# PROMPT
Filter the records below for the word "outdoors". Keep each line that has it.

### DATA FOR THIS EXERCISE

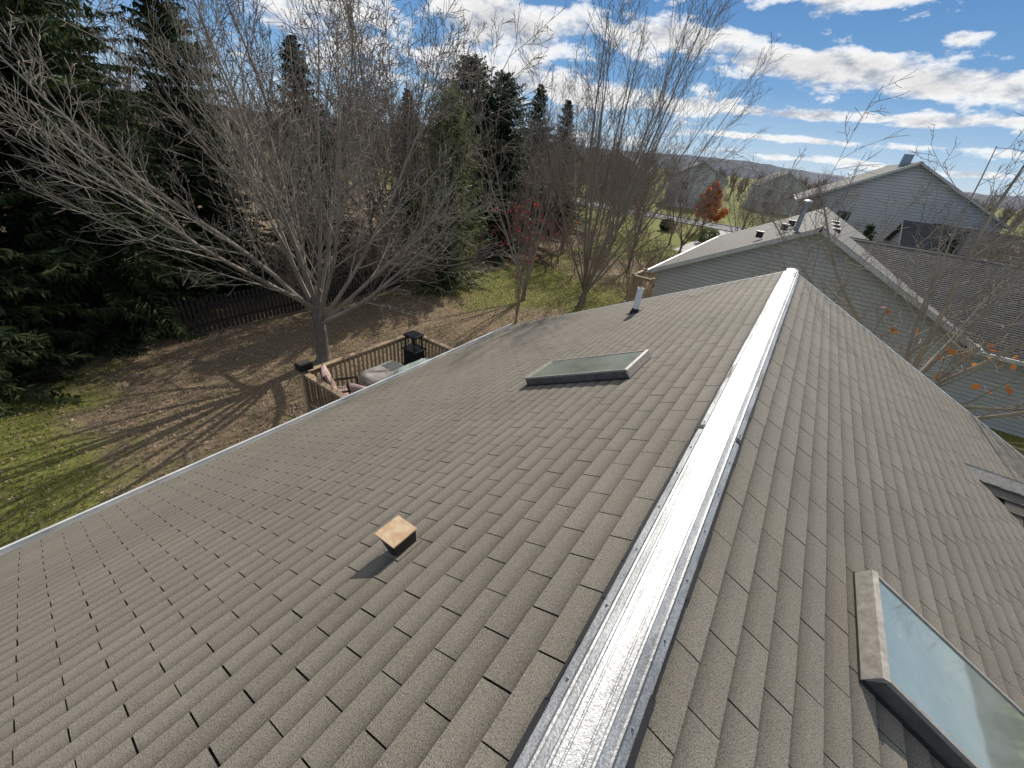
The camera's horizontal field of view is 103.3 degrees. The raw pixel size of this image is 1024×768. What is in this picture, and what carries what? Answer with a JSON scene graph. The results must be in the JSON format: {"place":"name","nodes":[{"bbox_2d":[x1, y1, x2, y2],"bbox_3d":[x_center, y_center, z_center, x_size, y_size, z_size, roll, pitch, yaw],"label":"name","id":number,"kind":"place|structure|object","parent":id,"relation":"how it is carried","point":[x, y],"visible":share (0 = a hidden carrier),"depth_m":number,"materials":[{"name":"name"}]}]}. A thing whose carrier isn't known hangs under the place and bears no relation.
{"place":"outdoors","nodes":[
{"label":"outdoors","id":0,"kind":"place"},
{"bbox_2d":[0,261,652,536],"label":"grass","id":1,"kind":"structure","parent":0,"point":[530,319],"depth_m":12.23,"materials":[{"name":"green plant"}]},
{"bbox_2d":[0,268,1023,767],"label":"house","id":2,"kind":"structure","parent":0,"point":[772,520],"depth_m":2.11,"materials":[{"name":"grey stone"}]},
{"bbox_2d":[0,120,1023,547],"bbox_3d":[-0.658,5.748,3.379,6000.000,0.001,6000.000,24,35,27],"label":"ground","id":3,"kind":"structure","parent":0,"point":[132,468],"depth_m":11.77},
{"bbox_2d":[0,226,127,419],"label":"spruce tree","id":4,"kind":"object","parent":3,"relation":"on","point":[10,335],"visible":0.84,"depth_m":10.25,"materials":[{"name":"green plant"}]},
{"bbox_2d":[0,109,177,359],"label":"spruce tree","id":5,"kind":"object","parent":3,"relation":"on","point":[27,284],"visible":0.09,"depth_m":12.00,"materials":[{"name":"green plant"}]},
{"bbox_2d":[0,0,219,271],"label":"bare tree","id":6,"kind":"object","parent":3,"relation":"on","point":[128,79],"visible":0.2,"depth_m":11.49,"materials":[{"name":"grey plant"}]},
{"bbox_2d":[0,0,235,373],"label":"spruce tree","id":7,"kind":"object","parent":3,"relation":"on","point":[43,218],"visible":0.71,"depth_m":11.22,"materials":[{"name":"green plant"}]},
{"bbox_2d":[0,0,246,324],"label":"spruce tree","id":8,"kind":"object","parent":3,"relation":"on","point":[136,155],"visible":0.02,"depth_m":15.07,"materials":[{"name":"green plant"}]},
{"bbox_2d":[110,0,303,308],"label":"spruce tree","id":9,"kind":"object","parent":3,"relation":"on","point":[207,212],"visible":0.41,"depth_m":14.81,"materials":[{"name":"green plant"}]},
{"bbox_2d":[71,0,343,257],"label":"bare tree","id":10,"kind":"object","parent":3,"relation":"on","point":[143,72],"visible":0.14,"depth_m":15.36,"materials":[{"name":"grey plant"}]},
{"bbox_2d":[0,0,527,362],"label":"bare tree","id":11,"kind":"object","parent":3,"relation":"on","point":[314,304],"visible":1,"depth_m":9.59,"materials":[{"name":"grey plant"}]},
{"bbox_2d":[167,262,406,337],"bbox_3d":[-8.261,-3.853,16.942,0.080,1.200,10.040,24,35,27],"label":"picket fence","id":12,"kind":"object","parent":3,"relation":"on","point":[198,325],"visible":0.66,"depth_m":15.06,"materials":[{"name":"brown wood"}]},
{"bbox_2d":[242,212,366,314],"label":"leafless sapling","id":13,"kind":"object","parent":3,"relation":"on","point":[289,278],"visible":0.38,"depth_m":15.13,"materials":[{"name":"grey plant"}]},
{"bbox_2d":[158,0,459,286],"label":"bare tree","id":14,"kind":"object","parent":3,"relation":"on","point":[291,96],"visible":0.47,"depth_m":15.39,"materials":[{"name":"grey plant"}]},
{"bbox_2d":[249,35,380,275],"bbox_3d":[-10.193,-10.371,20.161,6.401,10.984,6.466,-14,36,-31],"label":"spruce tree","id":15,"kind":"object","parent":3,"relation":"on","point":[309,169],"visible":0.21,"depth_m":19.52,"materials":[{"name":"green plant"}]},
{"bbox_2d":[0,248,655,545],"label":"fallen leaves","id":16,"kind":"object","parent":3,"relation":"on","point":[16,537],"visible":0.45,"depth_m":12.12,"materials":[{"name":"brown plant"}]},
{"bbox_2d":[301,181,412,283],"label":"leafless sapling","id":17,"kind":"object","parent":3,"relation":"on","point":[364,220],"visible":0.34,"depth_m":18.25,"materials":[{"name":"grey plant"}]},
{"bbox_2d":[245,1,484,258],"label":"bare tree","id":18,"kind":"object","parent":3,"relation":"on","point":[378,113],"visible":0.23,"depth_m":20.51,"materials":[{"name":"grey plant"}]},
{"bbox_2d":[299,182,436,302],"bbox_3d":[-5.950,-5.819,17.211,5.236,5.092,4.926,-2,31,-15],"label":"leafless sapling","id":19,"kind":"object","parent":3,"relation":"on","point":[377,259],"visible":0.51,"depth_m":16.85,"materials":[{"name":"grey plant"}]},
{"bbox_2d":[301,329,453,412],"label":"deck","id":20,"kind":"structure","parent":3,"relation":"on","point":[315,402],"depth_m":9.80,"materials":[{"name":"brown wood"}]},
{"bbox_2d":[294,359,312,372],"bbox_3d":[-4.587,-0.405,8.932,0.220,0.175,0.300,24,35,27],"label":"planter box","id":21,"kind":"object","parent":20,"relation":"on","point":[304,365],"visible":1,"depth_m":8.86,"materials":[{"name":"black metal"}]},
{"bbox_2d":[321,364,358,399],"bbox_3d":[-3.895,0.101,9.306,0.756,1.075,0.650,-8,33,-24],"label":"patio chair","id":22,"kind":"object","parent":20,"relation":"on","point":[327,378],"visible":0.36,"depth_m":9.08,"materials":[{"name":"fabric"}]},
{"bbox_2d":[346,383,367,393],"bbox_3d":[-3.140,0.350,9.030,0.650,1.075,0.756,13,31,10],"label":"patio chair","id":23,"kind":"object","parent":20,"relation":"on","point":[352,387],"visible":0.09,"depth_m":8.51,"materials":[{"name":"pink fabric"}]},
{"bbox_2d":[359,360,403,385],"bbox_3d":[-3.156,-0.086,10.246,0.937,0.594,1.231,24,35,27],"label":"covered table","id":24,"kind":"object","parent":20,"relation":"on","point":[376,374],"visible":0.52,"depth_m":9.97,"materials":[{"name":"beige fabric"}]},
{"bbox_2d":[394,358,429,373],"bbox_3d":[-2.164,-0.052,10.300,1.420,0.675,1.350,24,35,27],"label":"patio table","id":25,"kind":"object","parent":20,"relation":"on","point":[408,366],"visible":0.11,"depth_m":10.30,"materials":[{"name":"white glass"}]},
{"bbox_2d":[401,330,426,365],"bbox_3d":[-2.657,-0.811,10.995,0.520,1.180,0.440,24,35,27],"label":"patio fireplace","id":26,"kind":"object","parent":20,"relation":"on","point":[413,351],"visible":0.82,"depth_m":10.82,"materials":[{"name":"black metal"}]},
{"bbox_2d":[270,4,494,258],"bbox_3d":[-5.782,-13.358,22.399,10.724,12.858,9.157,7,30,2],"label":"bare tree","id":27,"kind":"object","parent":3,"relation":"on","point":[397,106],"visible":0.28,"depth_m":21.59,"materials":[{"name":"grey plant"}]},
{"bbox_2d":[373,88,428,237],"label":"spruce tree","id":28,"kind":"object","parent":3,"relation":"on","point":[408,212],"visible":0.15,"depth_m":29.04,"materials":[{"name":"green plant"}]},
{"bbox_2d":[377,222,447,295],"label":"leafless sapling","id":29,"kind":"object","parent":3,"relation":"on","point":[427,274],"visible":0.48,"depth_m":18.83,"materials":[{"name":"brown plant"}]},
{"bbox_2d":[259,0,566,275],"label":"bare tree","id":30,"kind":"object","parent":3,"relation":"on","point":[386,69],"visible":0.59,"depth_m":17.56,"materials":[{"name":"grey plant"}]},
{"bbox_2d":[396,86,504,293],"bbox_3d":[-2.992,-8.767,19.350,4.947,8.914,5.292,24,35,27],"label":"pine tree","id":31,"kind":"object","parent":3,"relation":"on","point":[446,273],"visible":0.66,"depth_m":19.08,"materials":[{"name":"green plant"}]},
{"bbox_2d":[377,54,543,273],"bbox_3d":[-2.908,-13.575,26.325,11.698,12.662,11.412,20,33,19],"label":"spruce tree","id":32,"kind":"object","parent":3,"relation":"on","point":[499,142],"visible":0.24,"depth_m":24.91,"materials":[{"name":"green plant"}]},
{"bbox_2d":[436,206,504,274],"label":"leafless sapling","id":33,"kind":"object","parent":3,"relation":"on","point":[479,237],"visible":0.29,"depth_m":22.63,"materials":[{"name":"brown plant"}]},
{"bbox_2d":[439,69,561,265],"bbox_3d":[-1.011,-14.284,28.191,11.344,12.279,11.066,-2,32,-16],"label":"spruce tree","id":34,"kind":"object","parent":3,"relation":"on","point":[508,125],"visible":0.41,"depth_m":26.57,"materials":[{"name":"green plant"}]},
{"bbox_2d":[448,51,605,300],"bbox_3d":[0.113,-9.082,18.896,6.622,10.148,6.216,5,30,-3],"label":"bare tree","id":35,"kind":"object","parent":3,"relation":"on","point":[544,221],"visible":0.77,"depth_m":18.09,"materials":[{"name":"brown plant"}]},
{"bbox_2d":[491,79,571,208],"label":"tree","id":36,"kind":"object","parent":3,"relation":"on","point":[535,124],"visible":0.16,"depth_m":30.42,"materials":[{"name":"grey plant"}]},
{"bbox_2d":[494,84,582,324],"bbox_3d":[0.783,-5.947,15.125,3.144,8.704,3.466,24,35,27],"label":"red leaf tree","id":37,"kind":"object","parent":3,"relation":"on","point":[516,222],"visible":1,"depth_m":14.96,"materials":[{"name":"grey plant"}]},
{"bbox_2d":[509,84,568,234],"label":"spruce tree","id":38,"kind":"object","parent":3,"relation":"on","point":[539,111],"visible":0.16,"depth_m":33.84,"materials":[{"name":"green plant"}]},
{"bbox_2d":[523,213,580,273],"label":"leafless sapling","id":39,"kind":"object","parent":3,"relation":"on","point":[549,248],"visible":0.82,"depth_m":24.50,"materials":[{"name":"brown plant"}]},
{"bbox_2d":[532,100,588,233],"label":"spruce tree","id":40,"kind":"object","parent":3,"relation":"on","point":[569,105],"visible":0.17,"depth_m":36.44,"materials":[{"name":"green plant"}]},
{"bbox_2d":[516,107,604,232],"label":"bare tree","id":41,"kind":"object","parent":3,"relation":"on","point":[580,134],"visible":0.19,"depth_m":33.82,"materials":[{"name":"brown plant"}]},
{"bbox_2d":[103,43,1023,233],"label":"wood","id":42,"kind":"object","parent":3,"relation":"on","point":[722,174],"visible":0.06,"depth_m":48.81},
{"bbox_2d":[519,120,615,248],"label":"bare tree","id":43,"kind":"object","parent":3,"relation":"on","point":[579,181],"visible":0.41,"depth_m":30.04,"materials":[{"name":"brown plant"}]},
{"bbox_2d":[536,199,601,263],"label":"leafless sapling","id":44,"kind":"object","parent":3,"relation":"on","point":[571,216],"visible":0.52,"depth_m":26.97,"materials":[{"name":"brown plant"}]},
{"bbox_2d":[554,217,616,274],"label":"leafless sapling","id":45,"kind":"object","parent":3,"relation":"on","point":[568,245],"visible":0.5,"depth_m":24.85,"materials":[{"name":"brown plant"}]},
{"bbox_2d":[426,173,747,228],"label":"kerb","id":46,"kind":"structure","parent":3,"relation":"on","point":[686,218],"depth_m":58.53,"materials":[{"name":"concrete"}]},
{"bbox_2d":[563,205,646,279],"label":"leafless sapling","id":47,"kind":"object","parent":3,"relation":"on","point":[599,245],"visible":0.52,"depth_m":22.84,"materials":[{"name":"brown plant"}]},
{"bbox_2d":[591,154,649,201],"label":"house","id":48,"kind":"structure","parent":3,"relation":"on","point":[626,180],"depth_m":74.24,"materials":[{"name":"white plastic"}]},
{"bbox_2d":[588,157,672,251],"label":"bare tree","id":49,"kind":"object","parent":3,"relation":"on","point":[615,197],"visible":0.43,"depth_m":31.16,"materials":[{"name":"brown plant"}]},
{"bbox_2d":[590,227,674,299],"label":"leafless sapling","id":50,"kind":"object","parent":3,"relation":"on","point":[626,272],"visible":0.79,"depth_m":21.36,"materials":[{"name":"brown plant"}]},
{"bbox_2d":[589,169,687,268],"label":"bare tree","id":51,"kind":"object","parent":3,"relation":"on","point":[641,211],"visible":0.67,"depth_m":26.77,"materials":[{"name":"brown plant"}]},
{"bbox_2d":[496,0,791,307],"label":"bare tree","id":52,"kind":"object","parent":3,"relation":"on","point":[586,284],"visible":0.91,"depth_m":16.57,"materials":[{"name":"grey plant"}]},
{"bbox_2d":[599,109,690,240],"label":"bare tree","id":53,"kind":"object","parent":3,"relation":"on","point":[621,152],"visible":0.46,"depth_m":34.24,"materials":[{"name":"brown plant"}]},
{"bbox_2d":[622,228,674,273],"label":"leafless sapling","id":54,"kind":"object","parent":3,"relation":"on","point":[657,241],"visible":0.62,"depth_m":25.80,"materials":[{"name":"brown plant"}]},
{"bbox_2d":[577,203,730,231],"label":"kerb","id":55,"kind":"structure","parent":3,"relation":"on","point":[682,222],"depth_m":53.74,"materials":[{"name":"concrete"}]},
{"bbox_2d":[608,132,705,232],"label":"bare tree","id":56,"kind":"object","parent":3,"relation":"on","point":[658,177],"visible":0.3,"depth_m":40.88,"materials":[{"name":"brown plant"}]},
{"bbox_2d":[629,233,684,288],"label":"leafless sapling","id":57,"kind":"object","parent":3,"relation":"on","point":[657,262],"visible":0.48,"depth_m":23.39,"materials":[{"name":"brown plant"}]},
{"bbox_2d":[659,218,674,230],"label":"shrub","id":58,"kind":"object","parent":3,"relation":"on","point":[663,227],"visible":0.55,"depth_m":46.31,"materials":[{"name":"green plant"}]},
{"bbox_2d":[648,133,721,244],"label":"bare tree","id":59,"kind":"object","parent":3,"relation":"on","point":[668,210],"visible":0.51,"depth_m":36.53,"materials":[{"name":"brown plant"}]},
{"bbox_2d":[641,160,736,254],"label":"bare tree","id":60,"kind":"object","parent":3,"relation":"on","point":[695,216],"visible":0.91,"depth_m":29.67,"materials":[{"name":"brown plant"}]},
{"bbox_2d":[697,227,719,243],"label":"shrub","id":61,"kind":"object","parent":3,"relation":"on","point":[712,233],"visible":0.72,"depth_m":40.65,"materials":[{"name":"green plant"}]},
{"bbox_2d":[695,180,729,231],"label":"orange tree","id":62,"kind":"object","parent":3,"relation":"on","point":[717,218],"visible":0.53,"depth_m":46.18,"materials":[{"name":"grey plant"}]},
{"bbox_2d":[712,151,791,233],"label":"bare tree","id":63,"kind":"object","parent":3,"relation":"on","point":[741,202],"visible":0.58,"depth_m":36.96,"materials":[{"name":"brown plant"}]},
{"bbox_2d":[726,153,832,233],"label":"bare tree","id":64,"kind":"object","parent":3,"relation":"on","point":[764,211],"visible":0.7,"depth_m":31.64,"materials":[{"name":"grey plant"}]},
{"bbox_2d":[752,169,865,232],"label":"bare tree","id":65,"kind":"object","parent":3,"relation":"on","point":[808,210],"visible":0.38,"depth_m":31.36,"materials":[{"name":"grey plant"}]},
{"bbox_2d":[861,222,876,239],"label":"evergreen tree","id":66,"kind":"object","parent":3,"relation":"on","point":[867,232],"visible":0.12,"depth_m":27.15,"materials":[{"name":"green plant"}]},
{"bbox_2d":[716,69,1023,454],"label":"bare tree","id":67,"kind":"object","parent":3,"relation":"on","point":[939,322],"visible":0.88,"depth_m":8.89,"materials":[{"name":"brown plant"}]},
{"bbox_2d":[789,154,1023,262],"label":"house","id":68,"kind":"structure","parent":3,"relation":"on","point":[902,178],"depth_m":29.97,"materials":[{"name":"grey"}]},
{"bbox_2d":[836,209,853,222],"bbox_3d":[26.366,-13.167,32.496,1.100,1.500,0.070,22,34,24],"label":"window","id":69,"kind":"structure","parent":68,"relation":"in","point":[843,216],"depth_m":32.26,"materials":[{"name":"black glass"}]},
{"bbox_2d":[936,233,958,252],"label":"evergreen tree","id":70,"kind":"object","parent":3,"relation":"on","point":[955,244],"visible":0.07,"depth_m":24.26,"materials":[{"name":"green plant"}]},
{"bbox_2d":[964,188,1023,264],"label":"bare tree","id":71,"kind":"object","parent":3,"relation":"on","point":[983,238],"visible":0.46,"depth_m":22.05,"materials":[{"name":"grey plant"}]},
{"bbox_2d":[985,291,1023,384],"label":"bare tree","id":72,"kind":"object","parent":3,"relation":"on","point":[1021,339],"visible":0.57,"depth_m":10.91,"materials":[{"name":"grey plant"}]},
{"bbox_2d":[7,0,1023,195],"label":"sky","id":73,"kind":"structure","parent":0,"point":[967,56],"materials":[{"name":"blue"}]},
{"bbox_2d":[105,88,1023,210],"bbox_3d":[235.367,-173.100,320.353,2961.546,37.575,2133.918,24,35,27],"label":"hills","id":74,"kind":"structure","parent":0,"point":[813,176],"depth_m":572.72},
{"bbox_2d":[577,200,741,231],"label":"road","id":75,"kind":"structure","parent":0,"point":[723,227],"depth_m":56.25,"materials":[{"name":"grey asphalt"}]},
{"bbox_2d":[663,161,728,208],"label":"tree","id":76,"kind":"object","parent":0,"point":[709,181],"depth_m":72.50,"materials":[{"name":"grey plant"}]},
{"bbox_2d":[674,230,731,251],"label":"driveway","id":77,"kind":"structure","parent":0,"point":[688,246],"depth_m":40.45,"materials":[{"name":"concrete"}]},
{"bbox_2d":[746,171,807,214],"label":"house","id":78,"kind":"structure","parent":0,"point":[796,183],"depth_m":83.32,"materials":[{"name":"white plastic"}]},
{"bbox_2d":[646,199,1023,437],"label":"house","id":79,"kind":"structure","parent":0,"point":[725,258],"depth_m":14.60,"materials":[{"name":"grey plastic"}]},
{"bbox_2d":[624,268,655,301],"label":"deck","id":80,"kind":"structure","parent":79,"relation":"attached to","point":[638,278],"depth_m":17.08,"materials":[{"name":"brown wood"}]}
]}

######

# THE ANSWER
{"place":"outdoors","nodes":[
{"label":"outdoors","id":0,"kind":"place"},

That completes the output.